Task directions: Every record below should be printed exactly, except for the pictures.

*** Dataset excerpts ***

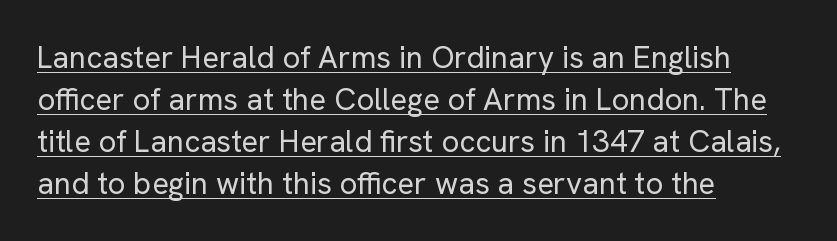
Q: Is the text bold? A: No.
Q: Is the text italic (slanted)? A: No, it is upright.
Q: Is the typeface a serif or a sans-serif typeface? A: Sans-serif.
Q: Is the text underlined? A: Yes.
Q: How is the paragraph aligned? A: Left-aligned.
Q: Is the spacing between letters normal or unusually wide? A: Normal.
Q: Is the spacing between lines tight, normal or loose? A: Normal.
Q: Width (condensed, normal, or wide)? A: Normal.
Q: Stroke contrast? A: Low.
Q: x-height? A: Medium.
Q: Monospaced? A: No.
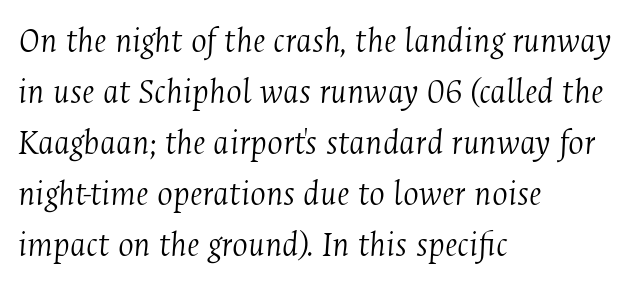
Think of a printed novel: that variable character pitch is what you see here. Does extra space separate the letters? No, they use regular spacing. What kind of face is this? One with serifs. Reading down the column, the eye jumps a familiar distance to each next line. Notice how the stems are inclined rather than vertical — that's the hallmark of italics.
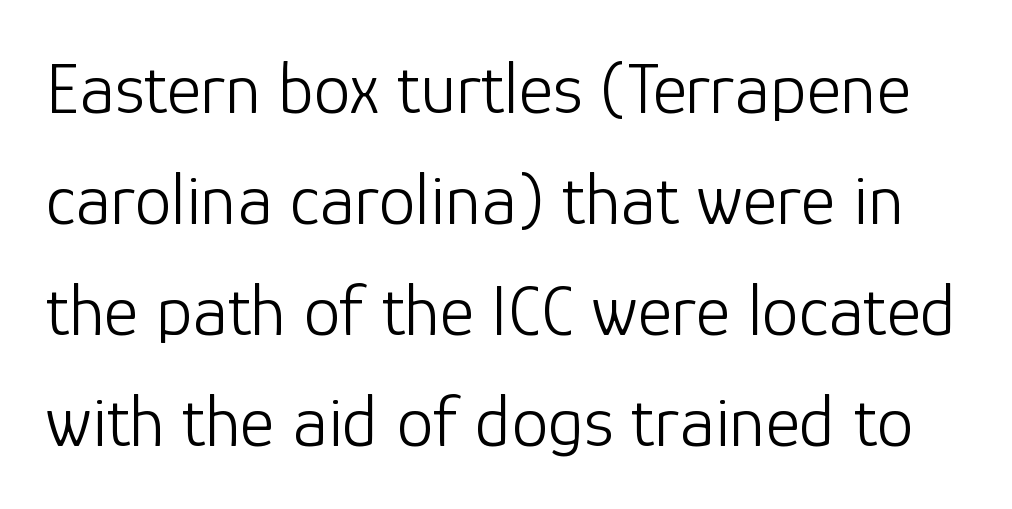
Each stroke keeps to a modest, everyday thickness or less. Unlike a traditional serif, this face leaves its strokes unadorned. This rendering leaves character spacing at its baseline value. Letters rest on an invisible, unmarked baseline.

*** End of Dataset excerpts ***

Answer for this exercise:
Q: Is the text bold? A: No.
Q: Is the text italic (slanted)? A: No, it is upright.
Q: Is the typeface a serif or a sans-serif typeface? A: Sans-serif.
Q: Is the text underlined? A: Yes.
Q: How is the paragraph aligned? A: Left-aligned.
Q: Is the spacing between letters normal or unusually wide? A: Normal.
Q: Is the spacing between lines tight, normal or loose? A: Normal.
Q: Width (condensed, normal, or wide)? A: Normal.
Q: Stroke contrast? A: Low.
Q: x-height? A: Medium.
Q: Monospaced? A: No.
Think of a printed novel: that variable character pitch is what you see here. Does extra space separate the letters? No, they use regular spacing. What kind of face is this? One with serifs. Reading down the column, the eye jumps a familiar distance to each next line. Notice how the stems are inclined rather than vertical — that's the hallmark of italics.
Each stroke keeps to a modest, everyday thickness or less. Unlike a traditional serif, this face leaves its strokes unadorned. This rendering leaves character spacing at its baseline value. Letters rest on an invisible, unmarked baseline.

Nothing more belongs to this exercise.